TL;DR
A rodent bait station is the tamper-resistant locked box that holds rodenticide blocks on secured rods, allowing rats and mice to enter and feed while keeping children, pets, and wildlife away from the poison. EPA rules require this containment for outdoor residential baiting, and stations must be anchored so they cannot be carried off or shaken open.
What it means
A rodent bait station is the tamper-resistant locked box that holds rodenticide blocks on secured rods, allowing rats and mice to enter and feed while keeping children, pets, and wildlife away from the poison. EPA rules require this containment for outdoor residential baiting, and stations must be anchored so they cannot be carried off or shaken open. Technicians place them along exterior walls and fence lines on rodent runways, logging bait consumption at each service to gauge activity.

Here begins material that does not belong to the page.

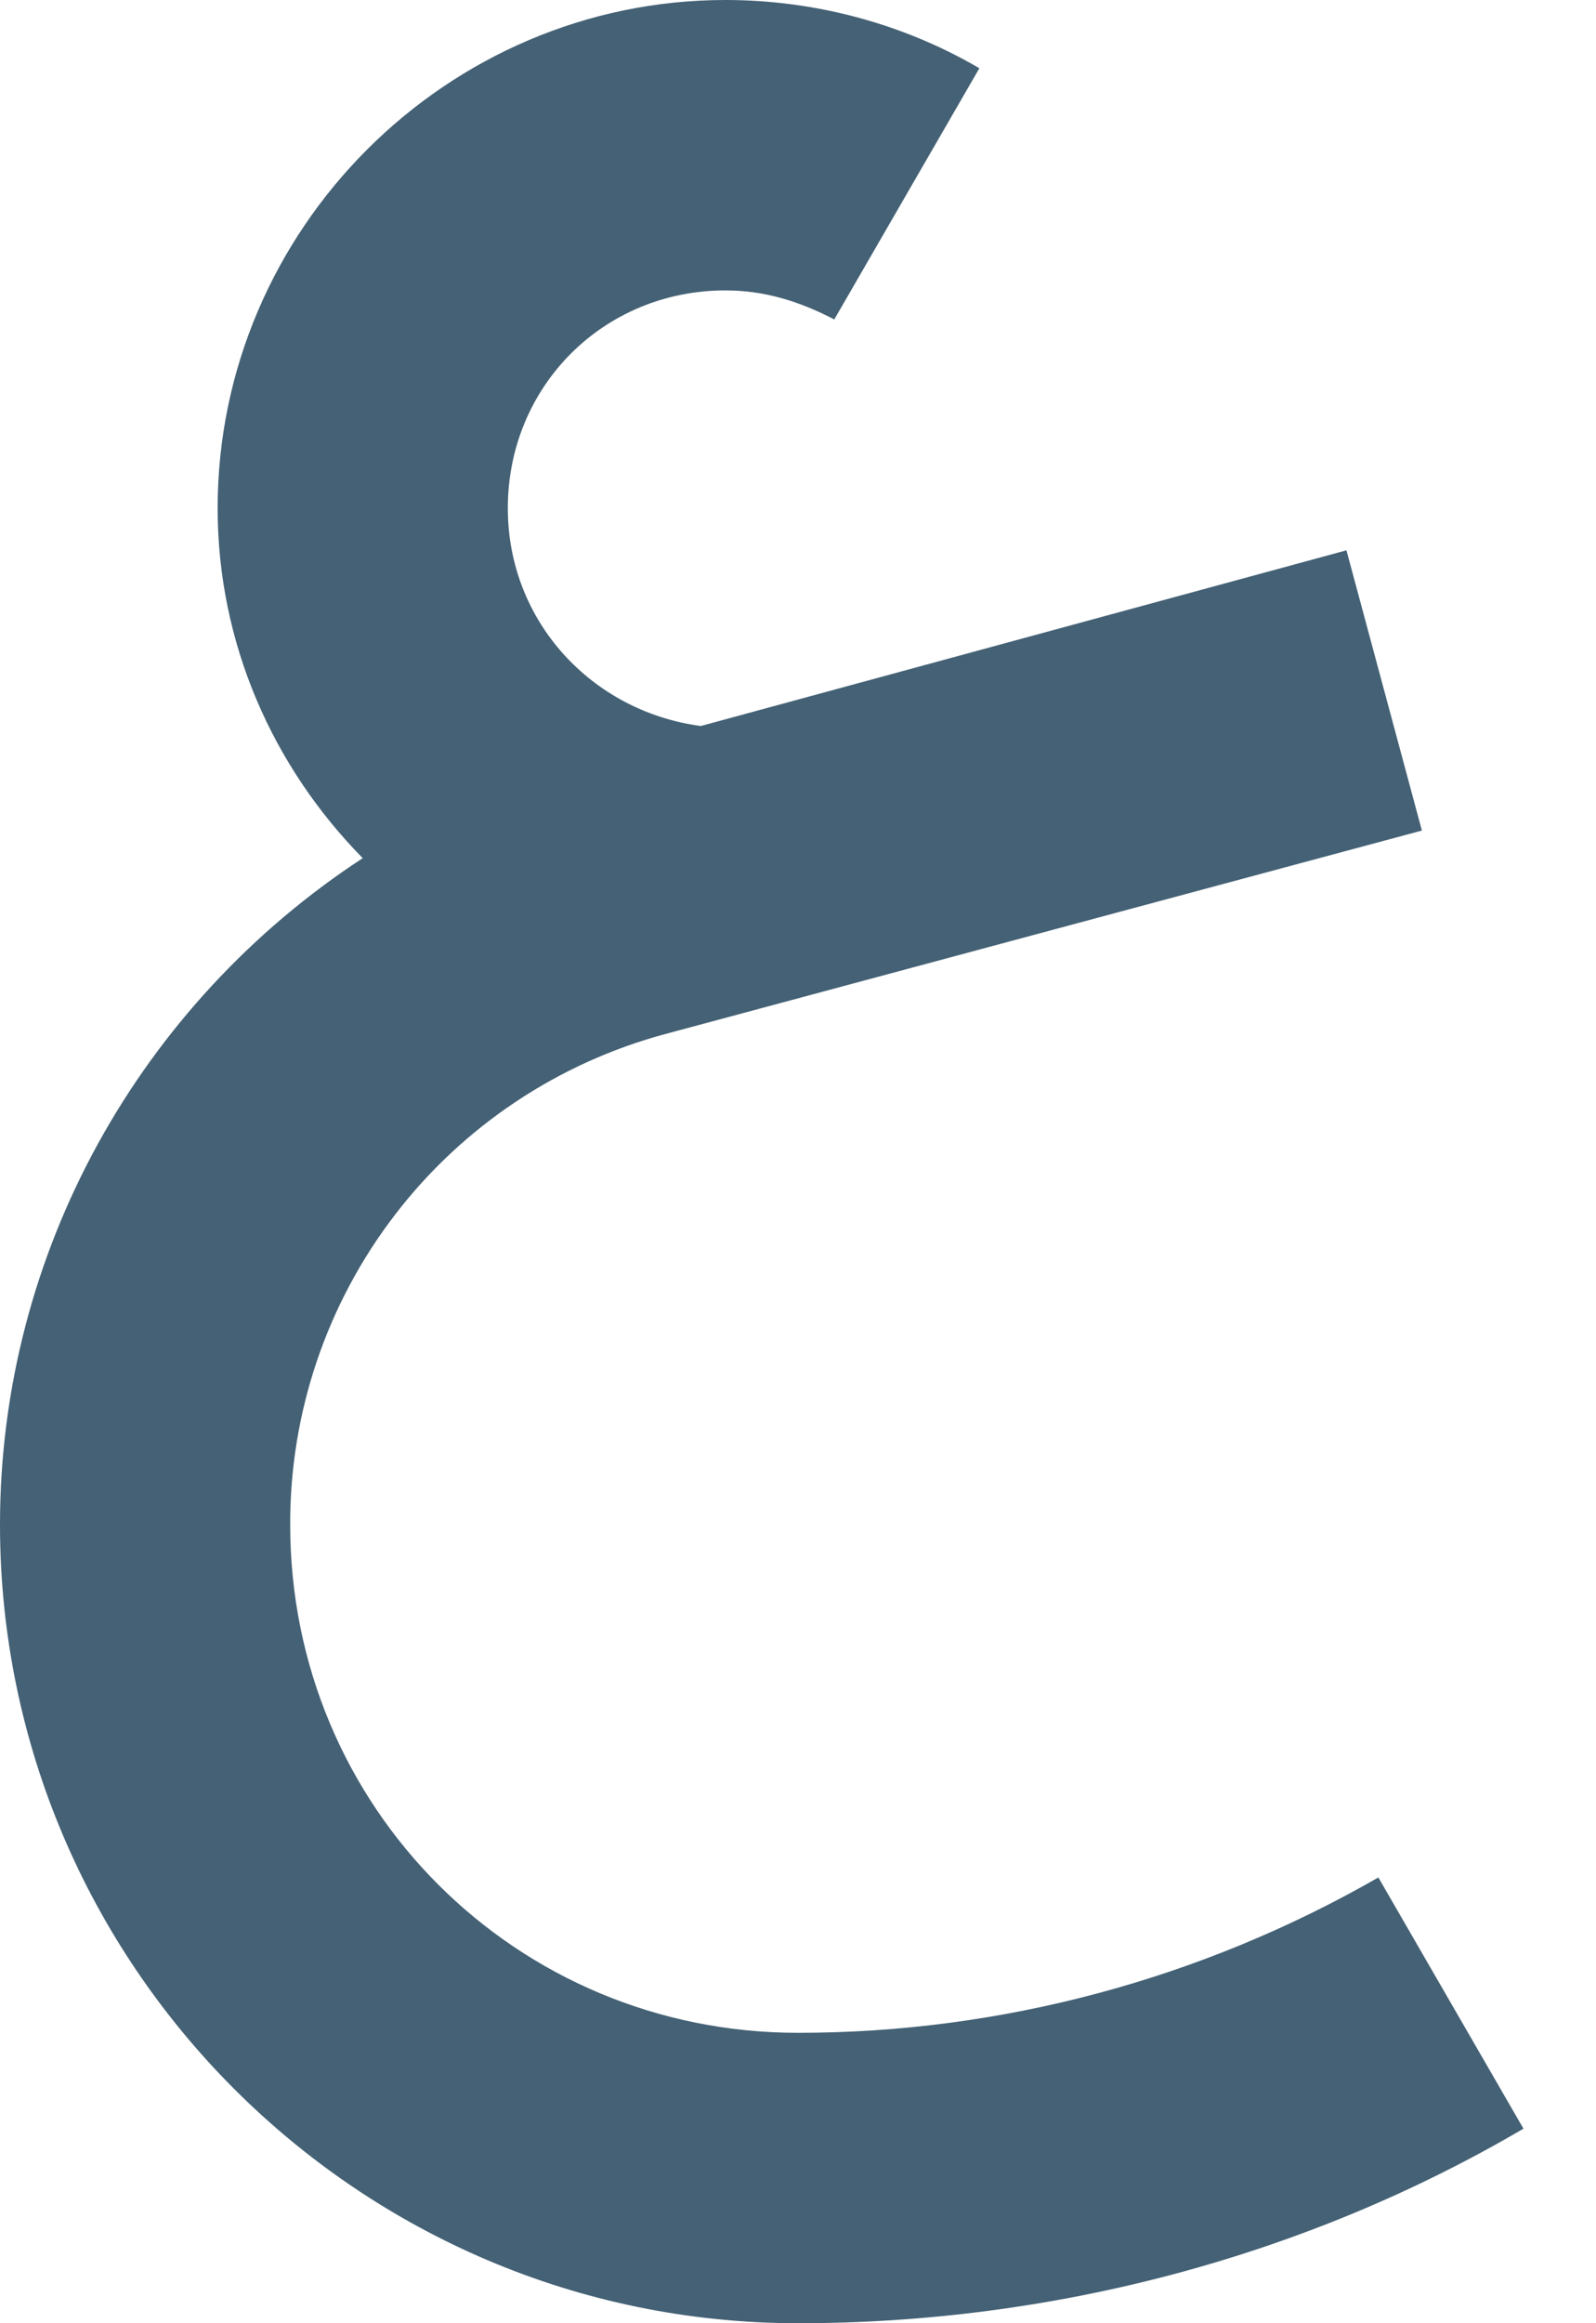 <svg width="11" height="16" viewBox="0 0 11 16" fill="none" xmlns="http://www.w3.org/2000/svg">
<path d="M5 0C3.08 0 1.5 1.58 1.5 3.5C1.5 4.43 1.88 5.28 2.5 5.91C0.97 6.91 0 8.62 0 10.5C0 13.53 2.47 16 5.5 16C7.26 16 9 15.54 10.5 14.66L9.5 12.93C8.28 13.63 6.9 14 5.5 14C3.56 14 2 12.45 2 10.5C1.998 9.73 2.251 8.981 2.72 8.369C3.188 7.758 3.846 7.319 4.59 7.12L9.8 5.72L9.28 3.79L4.83 5C4.08 4.9 3.5 4.28 3.5 3.5C3.5 2.66 4.16 2 5 2C5.26 2 5.5 2.07 5.75 2.2L6.75 0.47C6.22 0.16 5.61 0 5 0Z" fill="#446175"/>
</svg>

Where it sits in the glossary
Rodent bait station is part of the Trade jargon group inside the ProFix Directory glossary. Browse every term in this category from the glossary index.
Why Ohio homeowners should know it
This is a term Ohio homeowners encounter when reading contractor quotes, hiring paperwork, or inspection reports. Understanding it well enough to ask one good follow-up question is usually all the protection a homeowner needs.
ProFix Directory keeps definitions short on the index page and saves the longer context — Ohio-specific rules, where the term comes from, and which ProFix tools touch it — for these per-term pages so the term is easy to cite and easy to share.